**YOUR GOAL:** Using the listing below, give again exactly the lines from the line with "1926 July 14" to the line with "file: S. 40,990, for", inclusive, without the pictures.
- - - -
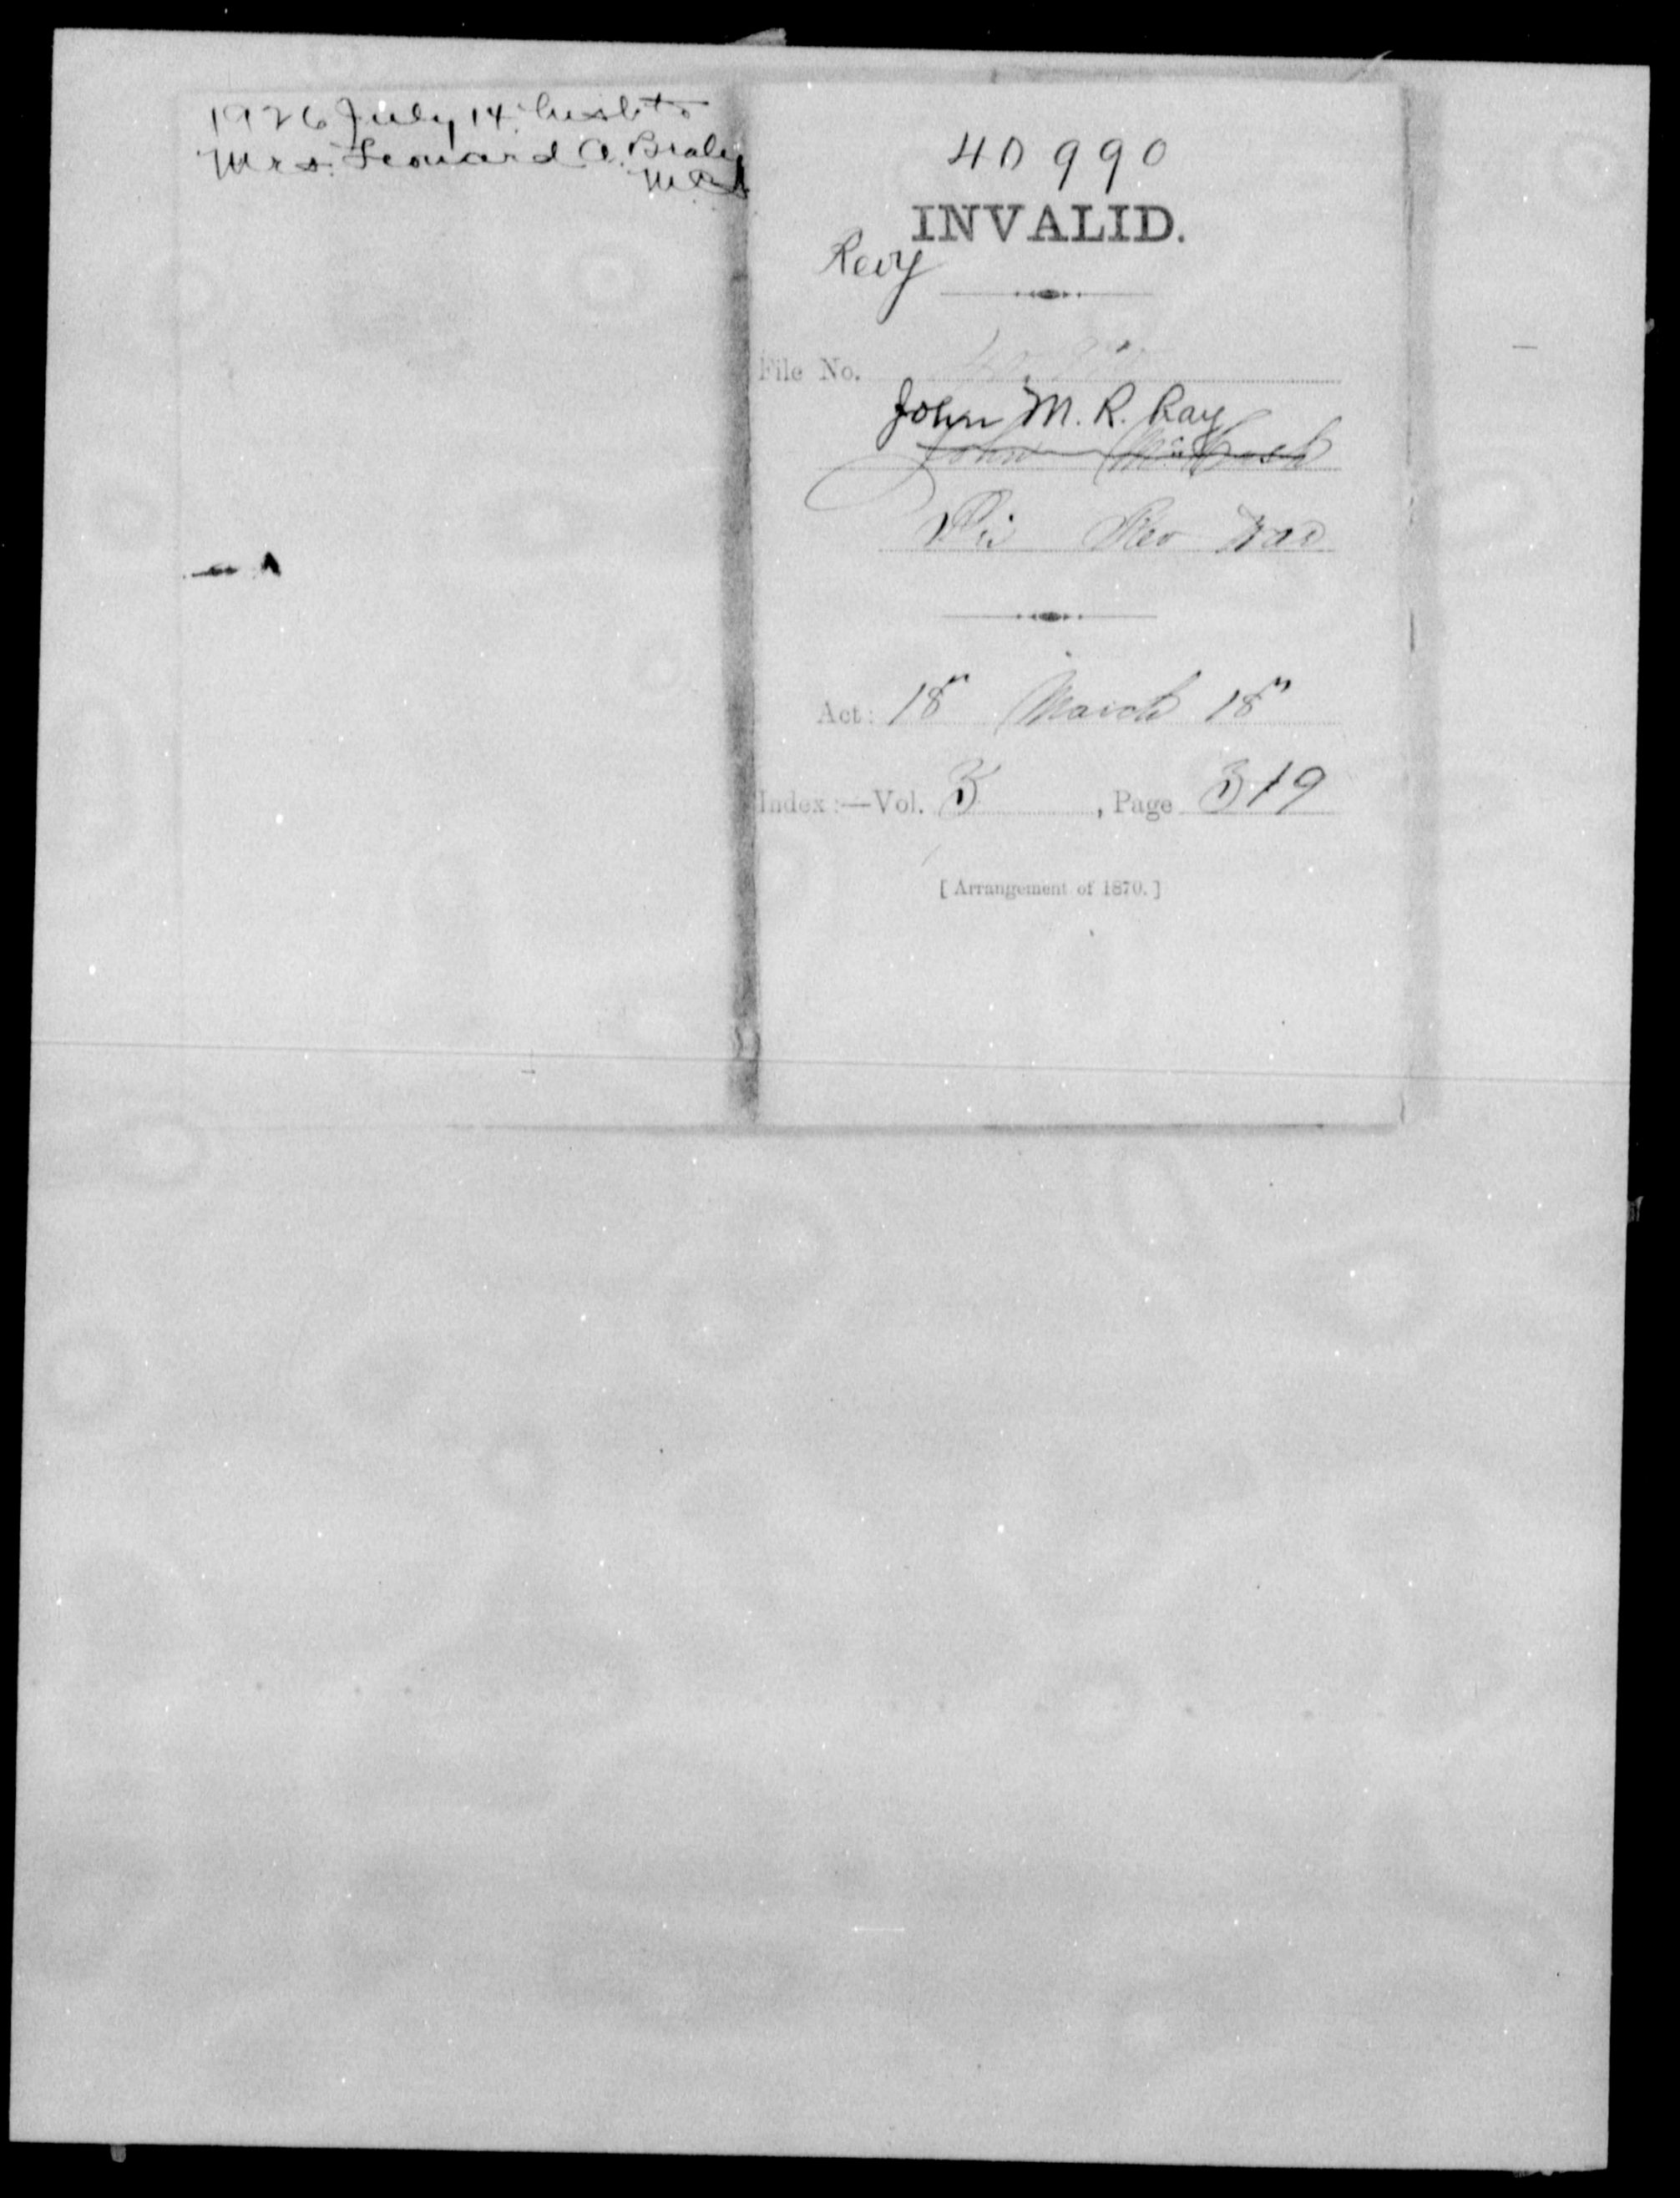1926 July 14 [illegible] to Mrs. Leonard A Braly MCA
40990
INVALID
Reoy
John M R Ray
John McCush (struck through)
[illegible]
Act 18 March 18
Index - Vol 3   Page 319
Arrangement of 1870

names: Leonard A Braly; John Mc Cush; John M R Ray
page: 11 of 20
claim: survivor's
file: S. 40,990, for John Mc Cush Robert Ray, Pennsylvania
- - - -
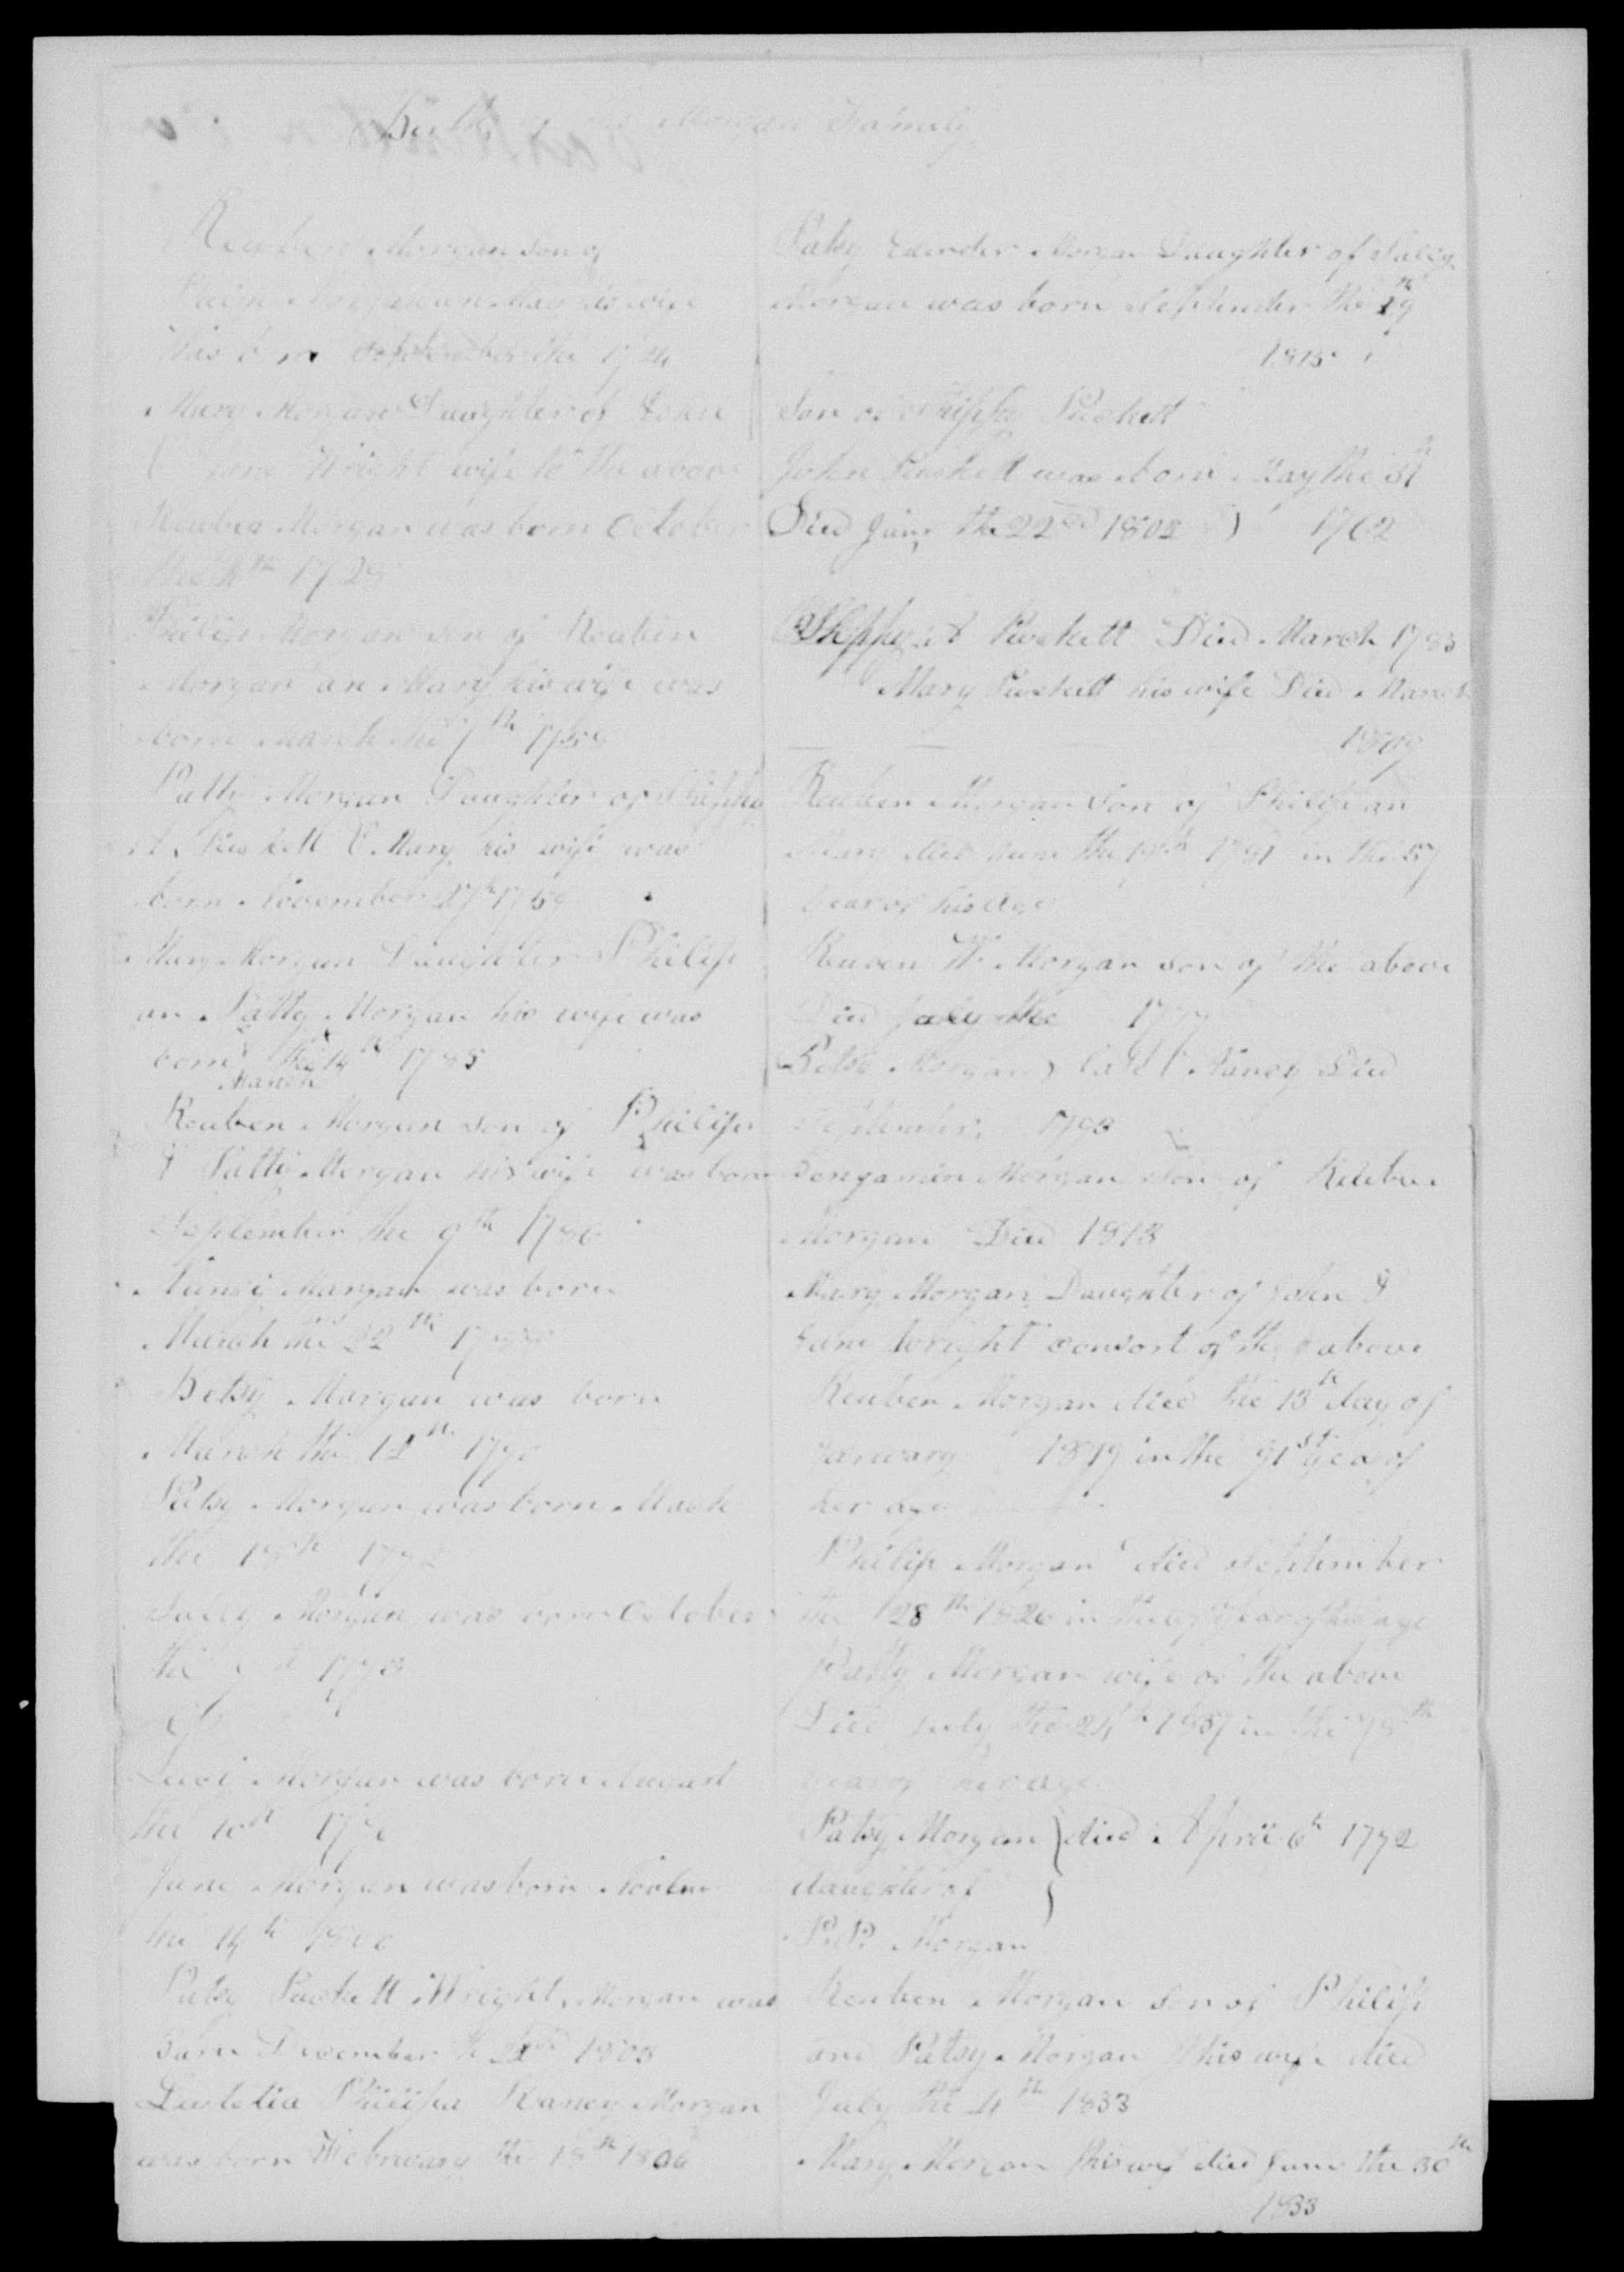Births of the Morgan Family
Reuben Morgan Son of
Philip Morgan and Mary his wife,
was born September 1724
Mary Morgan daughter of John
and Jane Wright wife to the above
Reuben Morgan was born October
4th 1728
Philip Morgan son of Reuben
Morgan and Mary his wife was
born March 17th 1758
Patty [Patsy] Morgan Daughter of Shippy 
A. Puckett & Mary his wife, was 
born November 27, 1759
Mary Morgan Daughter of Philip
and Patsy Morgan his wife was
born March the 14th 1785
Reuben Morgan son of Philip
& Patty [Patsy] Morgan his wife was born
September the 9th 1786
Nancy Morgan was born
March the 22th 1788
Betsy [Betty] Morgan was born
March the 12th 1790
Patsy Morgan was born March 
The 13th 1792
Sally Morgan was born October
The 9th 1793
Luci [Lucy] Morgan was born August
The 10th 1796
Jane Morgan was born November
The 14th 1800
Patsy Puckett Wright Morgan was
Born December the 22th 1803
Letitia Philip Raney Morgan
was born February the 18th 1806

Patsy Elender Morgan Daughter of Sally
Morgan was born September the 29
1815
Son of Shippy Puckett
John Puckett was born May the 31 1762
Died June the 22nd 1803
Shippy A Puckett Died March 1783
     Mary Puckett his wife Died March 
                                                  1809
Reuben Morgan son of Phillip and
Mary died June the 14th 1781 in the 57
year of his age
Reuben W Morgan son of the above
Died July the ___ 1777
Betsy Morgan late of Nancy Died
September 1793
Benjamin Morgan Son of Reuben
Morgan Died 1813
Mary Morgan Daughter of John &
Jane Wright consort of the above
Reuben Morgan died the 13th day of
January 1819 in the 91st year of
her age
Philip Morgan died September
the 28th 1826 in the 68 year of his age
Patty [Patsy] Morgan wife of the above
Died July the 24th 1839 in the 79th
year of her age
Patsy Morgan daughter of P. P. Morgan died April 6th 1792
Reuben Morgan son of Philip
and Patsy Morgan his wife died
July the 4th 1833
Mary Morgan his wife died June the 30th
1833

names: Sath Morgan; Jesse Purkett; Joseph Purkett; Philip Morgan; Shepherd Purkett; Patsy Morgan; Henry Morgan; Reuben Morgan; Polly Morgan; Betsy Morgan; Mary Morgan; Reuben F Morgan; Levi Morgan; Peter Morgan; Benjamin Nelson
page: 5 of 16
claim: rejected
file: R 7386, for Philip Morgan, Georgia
- - - -
**EXERCISE RESULT:**
1926 July 14 [illegible] to Mrs. Leonard A Braly MCA
40990
INVALID
Reoy
John M R Ray
John McCush (struck through)
[illegible]
Act 18 March 18
Index - Vol 3   Page 319
Arrangement of 1870

names: Leonard A Braly; John Mc Cush; John M R Ray
page: 11 of 20
claim: survivor's
file: S. 40,990, for John Mc Cush Robert Ray, Pennsylvania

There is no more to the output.